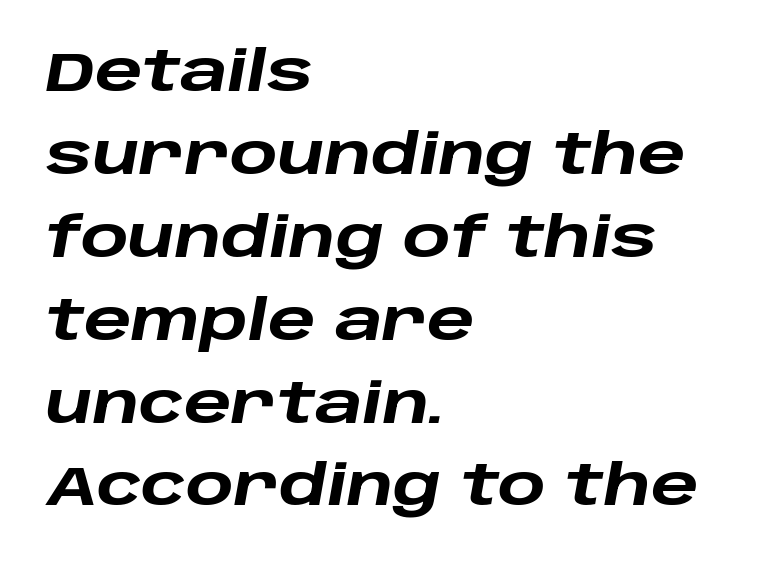
The image shows 56 px heavy, wide type, italic (leaning right); set left-aligned, normal line spacing (1.48x), normal letter spacing, not underlined; low stroke contrast and a large x-height.
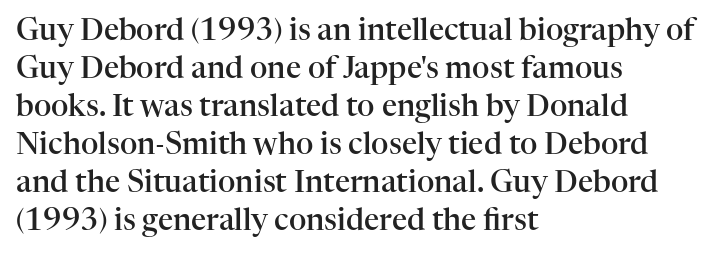
The image shows 30 px semibold serif type, upright; set left-aligned, normal line spacing (1.27x), normal letter spacing, not underlined; high stroke contrast and a medium x-height.
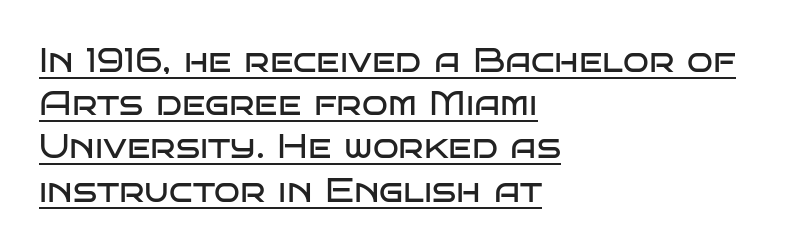
Q: Is the text bold? A: No.
Q: Is the text italic (slanted)? A: No, it is upright.
Q: Is the typeface a serif or a sans-serif typeface? A: Sans-serif.
Q: Is the text underlined? A: Yes.
Q: How is the paragraph aligned? A: Left-aligned.
Q: Is the spacing between letters normal or unusually wide? A: Normal.
Q: Is the spacing between lines tight, normal or loose? A: Normal.
Q: Width (condensed, normal, or wide)? A: Wide.
Q: Stroke contrast? A: Low.
Q: x-height? A: Large.
Q: Monospaced? A: No.
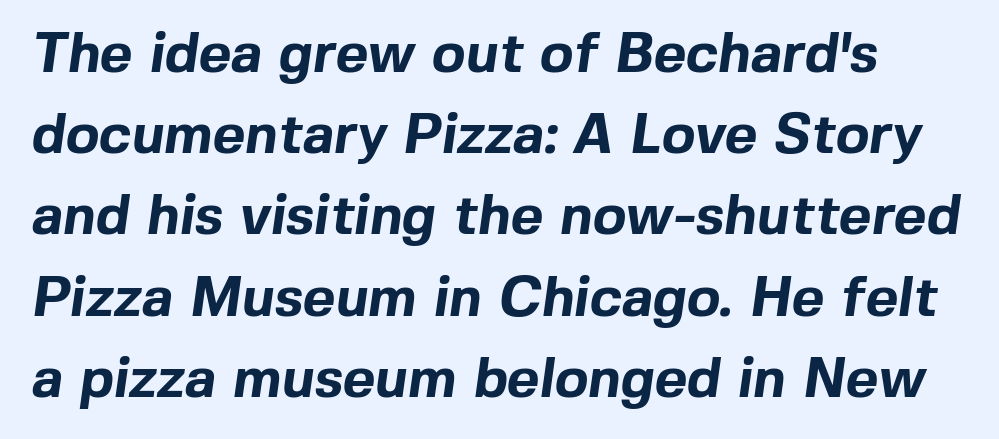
————
▶ _Required work_:
The answer must be an exact copy of the lines from the one with "Q: Stroke contrast? A: Low." through the final line above, both ends included, and nothing else; pictures stay out.

▶ _Solution for this task_:
Q: Stroke contrast? A: Low.
Q: x-height? A: Large.
Q: Monospaced? A: No.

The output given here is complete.